Records contained in a dataset:
- - -
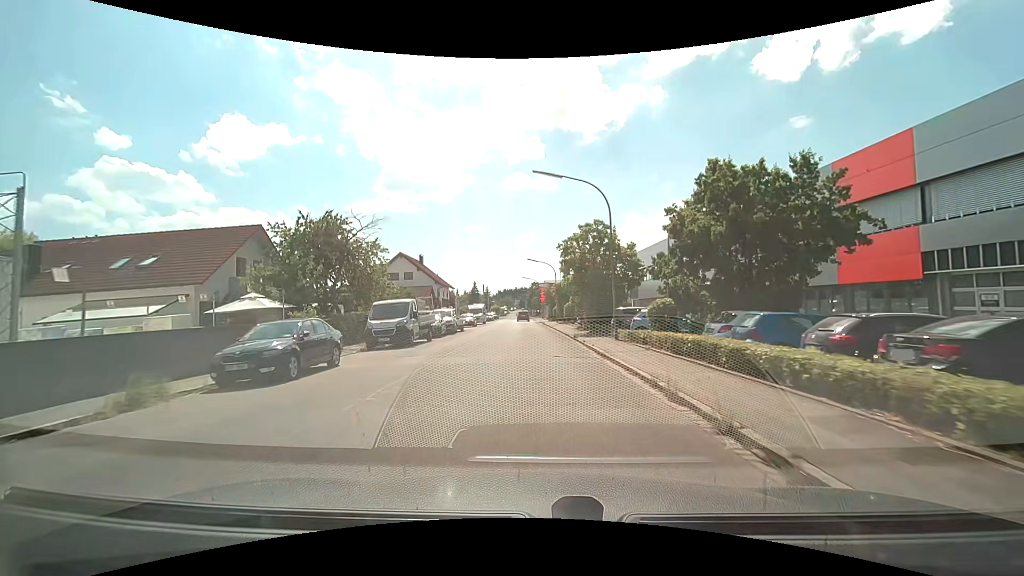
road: unclassified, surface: asphalt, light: Day
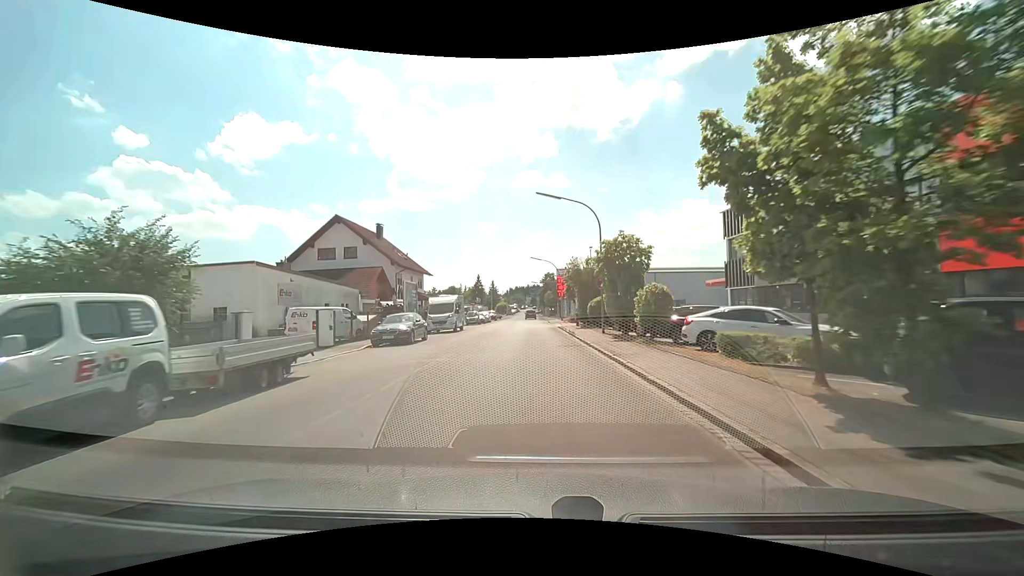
(-0.3, +31.0) m; -1°
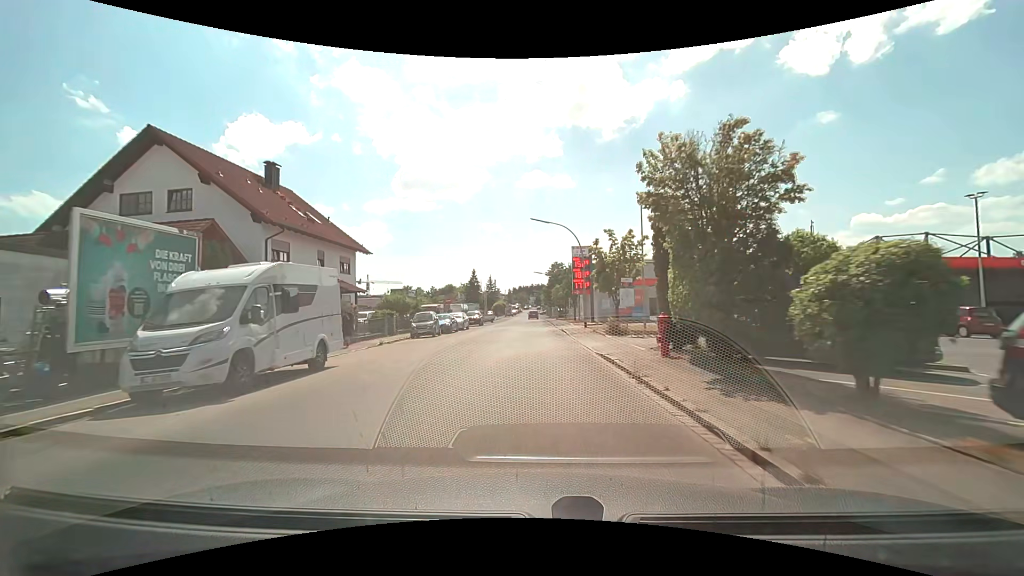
(-0.3, +25.8) m; -1°
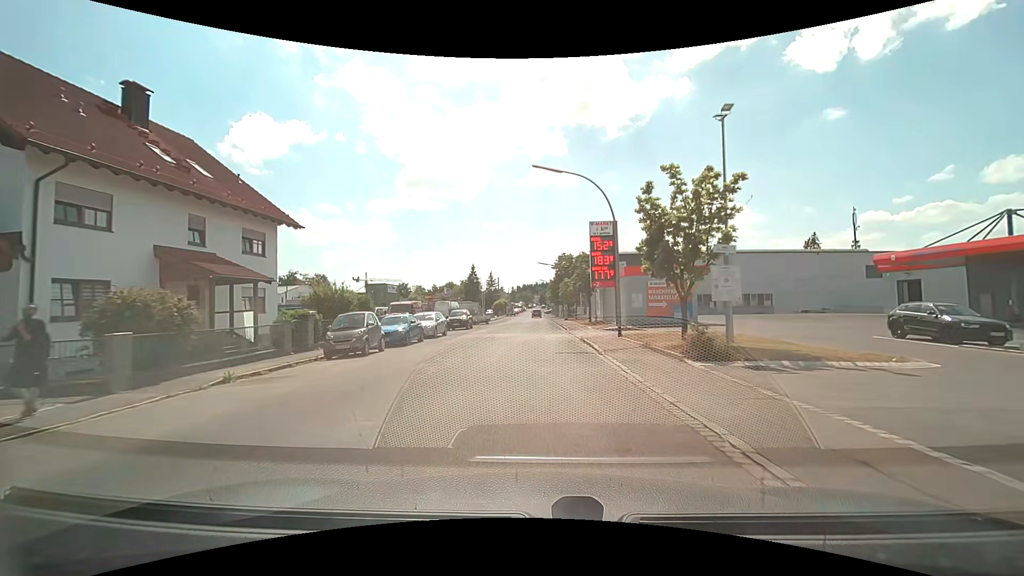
(-0.1, +12.7) m; -1°
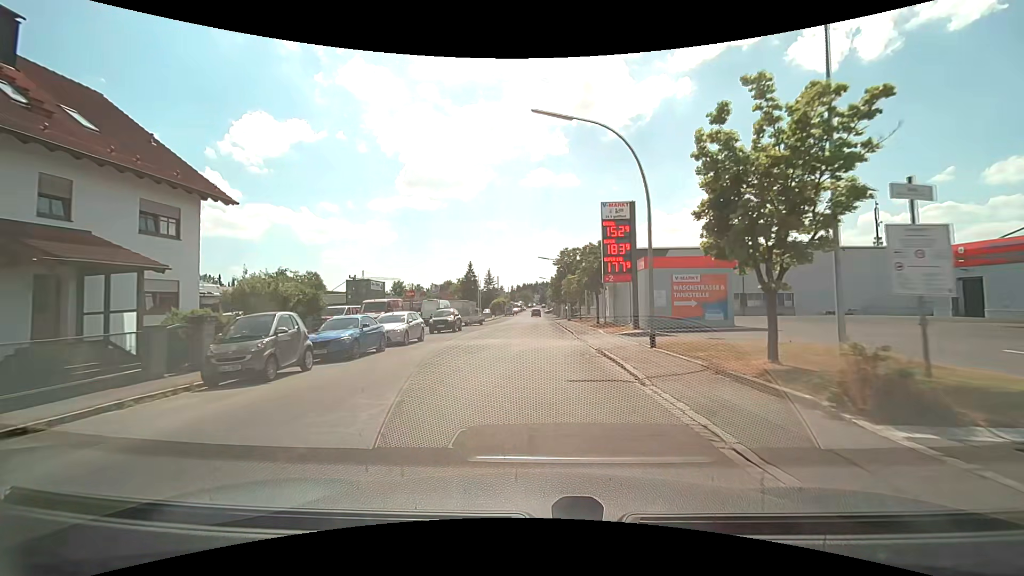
(0.0, +6.3) m; 0°
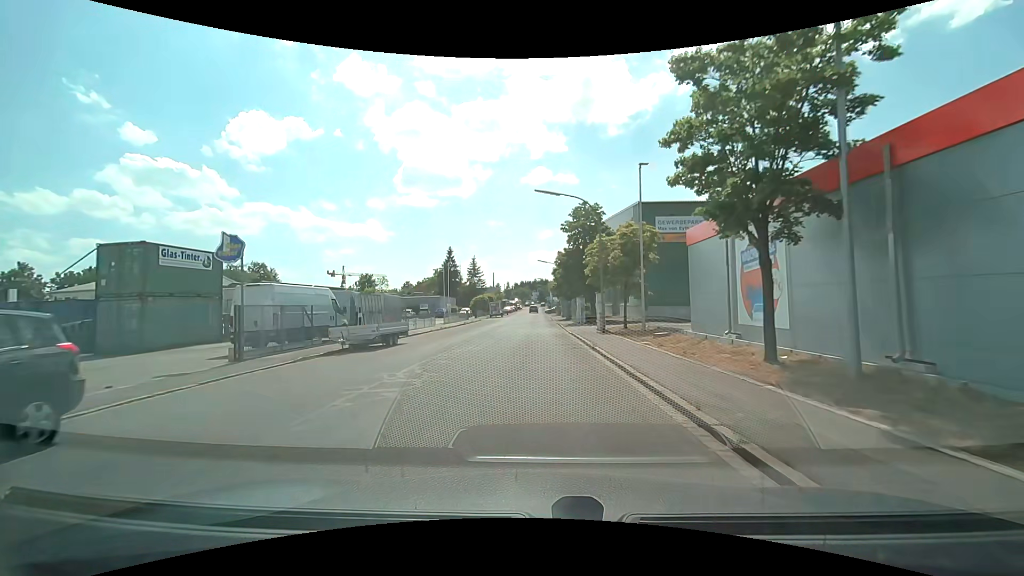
(+0.2, +31.3) m; +1°
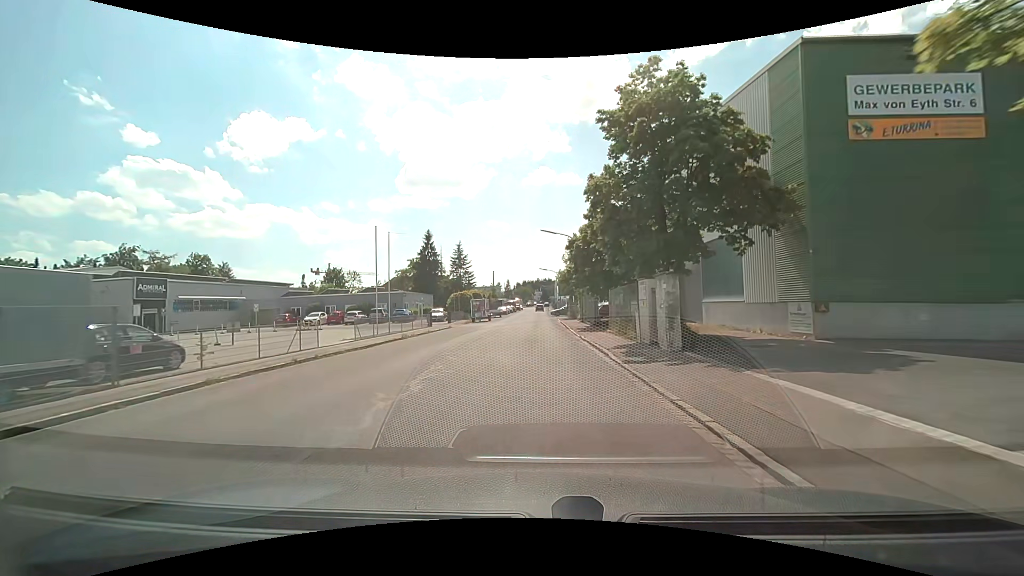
(-0.3, +25.0) m; -1°
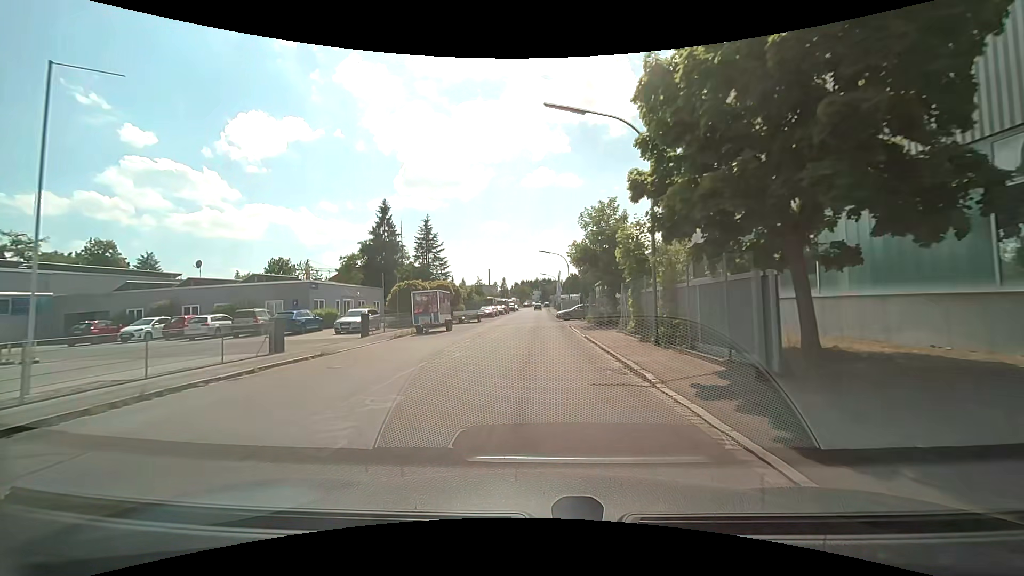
(0.0, +24.9) m; 0°
(0, +10) (0, +20) (0, +30) (-1, +40) (-1, +50) (-1, +60) (-1, +70) (0, +80) (0, +90) (0, +100) m
- - -
Goal of the exercise: Before printing anything, remove the pictures; then print all the records exactly.

Result for this task:
road: unclassified, surface: asphalt, light: Day
(-0.3, +31.0) m; -1°
(-0.3, +25.8) m; -1°
(-0.1, +12.7) m; -1°
(0.0, +6.3) m; 0°
(+0.2, +31.3) m; +1°
(-0.3, +25.0) m; -1°
(0.0, +24.9) m; 0°
(0, +10) (0, +20) (0, +30) (-1, +40) (-1, +50) (-1, +60) (-1, +70) (0, +80) (0, +90) (0, +100) m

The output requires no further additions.